* **Assignment**: Of the entries below, restate word for word only the section that runs from the line with "#981 = EDGE_CURVE('',#974,#982,#984,.T.);" to the line with "#1004 = CARTESIAN_POINT('',(-13.25,0.,6.5));", counting both ends.

=-=-=

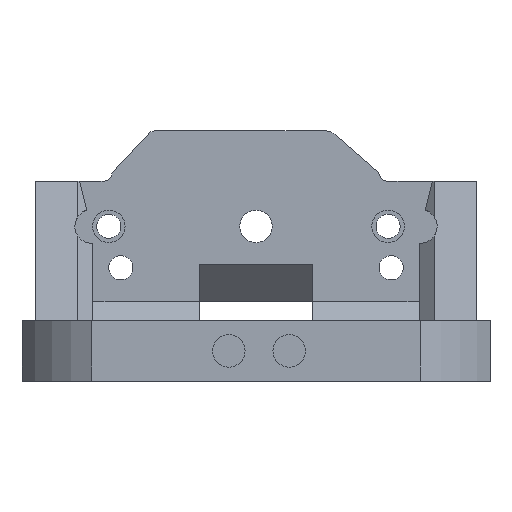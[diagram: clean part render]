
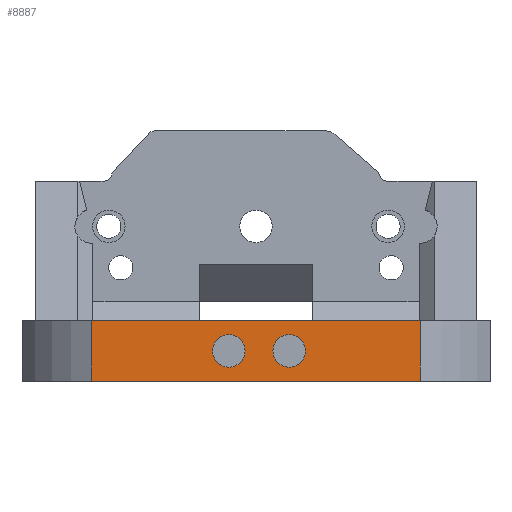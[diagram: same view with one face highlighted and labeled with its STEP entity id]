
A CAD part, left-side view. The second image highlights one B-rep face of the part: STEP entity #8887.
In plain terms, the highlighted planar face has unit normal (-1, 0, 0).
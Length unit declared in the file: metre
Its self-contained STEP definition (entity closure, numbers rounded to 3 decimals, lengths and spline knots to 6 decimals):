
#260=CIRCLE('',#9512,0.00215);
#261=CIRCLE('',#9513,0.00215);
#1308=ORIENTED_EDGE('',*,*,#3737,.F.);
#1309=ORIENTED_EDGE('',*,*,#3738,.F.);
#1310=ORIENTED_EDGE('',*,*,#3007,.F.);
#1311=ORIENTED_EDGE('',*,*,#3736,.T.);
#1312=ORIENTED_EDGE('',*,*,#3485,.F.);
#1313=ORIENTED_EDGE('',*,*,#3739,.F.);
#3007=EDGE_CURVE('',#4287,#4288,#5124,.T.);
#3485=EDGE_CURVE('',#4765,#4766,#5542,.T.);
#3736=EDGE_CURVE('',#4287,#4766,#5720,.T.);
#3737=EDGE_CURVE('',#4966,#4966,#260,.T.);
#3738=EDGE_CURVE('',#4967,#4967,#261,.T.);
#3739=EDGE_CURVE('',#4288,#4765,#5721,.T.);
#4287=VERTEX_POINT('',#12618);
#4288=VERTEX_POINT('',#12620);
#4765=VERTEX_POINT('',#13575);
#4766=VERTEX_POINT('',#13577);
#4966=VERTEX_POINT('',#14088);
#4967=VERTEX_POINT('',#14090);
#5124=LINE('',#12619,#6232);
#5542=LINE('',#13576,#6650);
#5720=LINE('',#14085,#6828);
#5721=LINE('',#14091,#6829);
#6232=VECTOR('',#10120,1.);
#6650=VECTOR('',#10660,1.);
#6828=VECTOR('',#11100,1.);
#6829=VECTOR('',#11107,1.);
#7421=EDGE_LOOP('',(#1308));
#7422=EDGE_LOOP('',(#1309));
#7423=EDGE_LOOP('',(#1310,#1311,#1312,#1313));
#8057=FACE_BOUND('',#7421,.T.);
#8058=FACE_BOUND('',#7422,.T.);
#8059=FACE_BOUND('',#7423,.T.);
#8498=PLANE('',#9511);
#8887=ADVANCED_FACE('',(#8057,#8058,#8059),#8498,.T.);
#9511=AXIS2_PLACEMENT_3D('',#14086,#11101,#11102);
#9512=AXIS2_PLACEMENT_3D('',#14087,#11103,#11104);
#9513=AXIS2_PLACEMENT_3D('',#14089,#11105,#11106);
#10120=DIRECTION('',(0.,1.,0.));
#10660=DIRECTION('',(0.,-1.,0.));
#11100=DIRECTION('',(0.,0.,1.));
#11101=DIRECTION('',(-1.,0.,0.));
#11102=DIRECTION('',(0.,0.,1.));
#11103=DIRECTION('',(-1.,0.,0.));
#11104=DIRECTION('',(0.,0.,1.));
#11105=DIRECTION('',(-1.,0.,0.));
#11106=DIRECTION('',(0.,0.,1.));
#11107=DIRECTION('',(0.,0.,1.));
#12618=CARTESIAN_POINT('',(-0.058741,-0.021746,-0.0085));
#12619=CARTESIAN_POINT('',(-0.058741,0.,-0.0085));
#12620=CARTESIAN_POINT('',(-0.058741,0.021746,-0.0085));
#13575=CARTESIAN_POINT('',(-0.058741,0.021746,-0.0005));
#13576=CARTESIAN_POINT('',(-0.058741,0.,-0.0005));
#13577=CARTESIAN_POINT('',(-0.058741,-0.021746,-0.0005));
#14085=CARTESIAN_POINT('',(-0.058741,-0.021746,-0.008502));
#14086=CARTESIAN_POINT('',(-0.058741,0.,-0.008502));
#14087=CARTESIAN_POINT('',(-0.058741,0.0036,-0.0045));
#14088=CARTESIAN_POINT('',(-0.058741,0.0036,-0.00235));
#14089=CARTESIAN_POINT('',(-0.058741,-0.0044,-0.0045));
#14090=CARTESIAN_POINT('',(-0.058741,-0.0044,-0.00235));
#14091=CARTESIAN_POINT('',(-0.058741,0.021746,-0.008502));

=-=-=

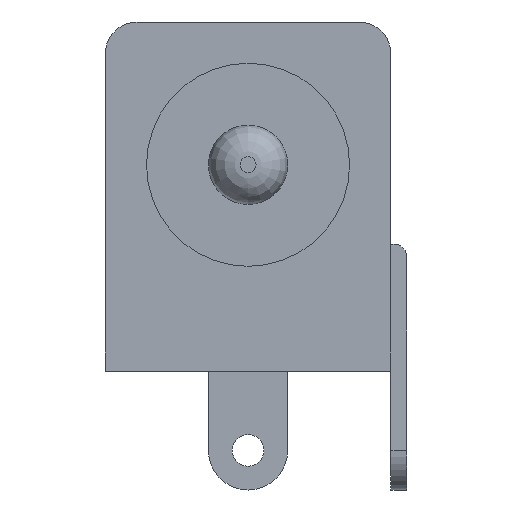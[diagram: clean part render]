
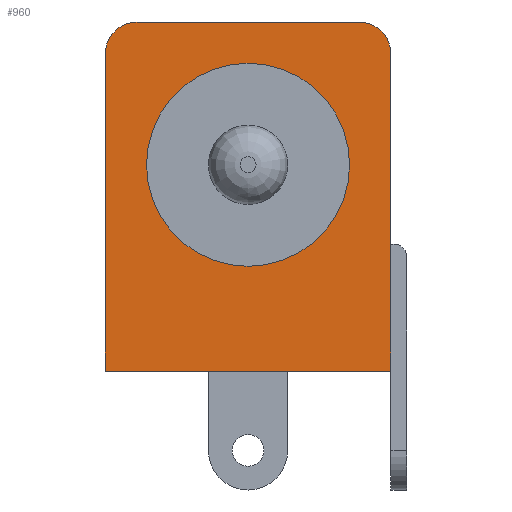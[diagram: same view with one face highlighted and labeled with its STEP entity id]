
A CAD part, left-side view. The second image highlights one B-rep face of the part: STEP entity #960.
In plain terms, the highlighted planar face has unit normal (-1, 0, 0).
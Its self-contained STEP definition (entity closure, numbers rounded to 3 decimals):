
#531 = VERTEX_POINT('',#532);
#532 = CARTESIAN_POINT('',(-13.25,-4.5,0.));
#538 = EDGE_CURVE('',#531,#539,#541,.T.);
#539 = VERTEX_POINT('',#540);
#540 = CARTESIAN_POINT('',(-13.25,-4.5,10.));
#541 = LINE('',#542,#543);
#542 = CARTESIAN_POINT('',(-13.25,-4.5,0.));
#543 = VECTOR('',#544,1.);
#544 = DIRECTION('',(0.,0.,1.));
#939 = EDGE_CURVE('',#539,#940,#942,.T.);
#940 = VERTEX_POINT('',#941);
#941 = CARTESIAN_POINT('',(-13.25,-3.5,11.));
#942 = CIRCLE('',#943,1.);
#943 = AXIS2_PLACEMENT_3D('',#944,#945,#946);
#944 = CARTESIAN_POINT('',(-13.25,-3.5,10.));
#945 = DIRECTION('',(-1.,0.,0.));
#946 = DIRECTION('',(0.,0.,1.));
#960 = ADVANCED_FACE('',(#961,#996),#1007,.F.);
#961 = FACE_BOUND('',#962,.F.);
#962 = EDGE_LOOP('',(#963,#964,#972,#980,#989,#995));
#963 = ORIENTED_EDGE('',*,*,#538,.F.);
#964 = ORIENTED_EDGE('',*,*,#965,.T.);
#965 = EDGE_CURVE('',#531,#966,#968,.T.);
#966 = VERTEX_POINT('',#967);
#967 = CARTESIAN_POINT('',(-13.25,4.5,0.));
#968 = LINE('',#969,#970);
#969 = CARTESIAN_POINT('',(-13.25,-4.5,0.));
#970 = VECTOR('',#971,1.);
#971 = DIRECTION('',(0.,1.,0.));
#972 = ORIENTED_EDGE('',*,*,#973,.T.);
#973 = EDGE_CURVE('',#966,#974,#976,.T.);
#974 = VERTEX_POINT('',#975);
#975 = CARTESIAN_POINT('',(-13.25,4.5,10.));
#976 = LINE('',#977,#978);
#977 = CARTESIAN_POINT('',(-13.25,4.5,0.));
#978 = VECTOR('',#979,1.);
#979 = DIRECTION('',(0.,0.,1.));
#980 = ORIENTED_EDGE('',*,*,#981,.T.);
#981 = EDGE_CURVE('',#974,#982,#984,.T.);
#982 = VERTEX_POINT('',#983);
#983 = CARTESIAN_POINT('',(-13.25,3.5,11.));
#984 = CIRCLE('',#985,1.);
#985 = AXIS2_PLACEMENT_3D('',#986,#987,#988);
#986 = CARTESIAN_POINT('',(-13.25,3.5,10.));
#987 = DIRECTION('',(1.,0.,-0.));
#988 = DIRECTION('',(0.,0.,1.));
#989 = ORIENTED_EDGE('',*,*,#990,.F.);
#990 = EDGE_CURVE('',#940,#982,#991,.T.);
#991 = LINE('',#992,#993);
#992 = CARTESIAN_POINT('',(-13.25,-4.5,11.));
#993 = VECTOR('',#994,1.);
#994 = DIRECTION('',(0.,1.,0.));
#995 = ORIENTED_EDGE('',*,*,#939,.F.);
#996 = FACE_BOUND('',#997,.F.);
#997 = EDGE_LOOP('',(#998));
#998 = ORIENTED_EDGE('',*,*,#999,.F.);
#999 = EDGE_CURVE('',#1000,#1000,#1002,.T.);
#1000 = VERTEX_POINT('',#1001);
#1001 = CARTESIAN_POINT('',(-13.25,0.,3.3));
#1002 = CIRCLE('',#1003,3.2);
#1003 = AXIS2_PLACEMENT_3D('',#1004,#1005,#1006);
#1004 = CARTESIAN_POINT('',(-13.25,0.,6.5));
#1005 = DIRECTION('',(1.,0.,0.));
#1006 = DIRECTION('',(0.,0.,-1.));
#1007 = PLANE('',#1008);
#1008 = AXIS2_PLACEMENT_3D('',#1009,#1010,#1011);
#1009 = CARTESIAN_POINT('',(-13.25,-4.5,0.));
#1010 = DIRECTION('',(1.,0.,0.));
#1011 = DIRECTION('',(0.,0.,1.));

=-=-=

* **Exercise answer**:
#981 = EDGE_CURVE('',#974,#982,#984,.T.);
#982 = VERTEX_POINT('',#983);
#983 = CARTESIAN_POINT('',(-13.25,3.5,11.));
#984 = CIRCLE('',#985,1.);
#985 = AXIS2_PLACEMENT_3D('',#986,#987,#988);
#986 = CARTESIAN_POINT('',(-13.25,3.5,10.));
#987 = DIRECTION('',(1.,0.,-0.));
#988 = DIRECTION('',(0.,0.,1.));
#989 = ORIENTED_EDGE('',*,*,#990,.F.);
#990 = EDGE_CURVE('',#940,#982,#991,.T.);
#991 = LINE('',#992,#993);
#992 = CARTESIAN_POINT('',(-13.25,-4.5,11.));
#993 = VECTOR('',#994,1.);
#994 = DIRECTION('',(0.,1.,0.));
#995 = ORIENTED_EDGE('',*,*,#939,.F.);
#996 = FACE_BOUND('',#997,.F.);
#997 = EDGE_LOOP('',(#998));
#998 = ORIENTED_EDGE('',*,*,#999,.F.);
#999 = EDGE_CURVE('',#1000,#1000,#1002,.T.);
#1000 = VERTEX_POINT('',#1001);
#1001 = CARTESIAN_POINT('',(-13.25,0.,3.3));
#1002 = CIRCLE('',#1003,3.2);
#1003 = AXIS2_PLACEMENT_3D('',#1004,#1005,#1006);
#1004 = CARTESIAN_POINT('',(-13.25,0.,6.5));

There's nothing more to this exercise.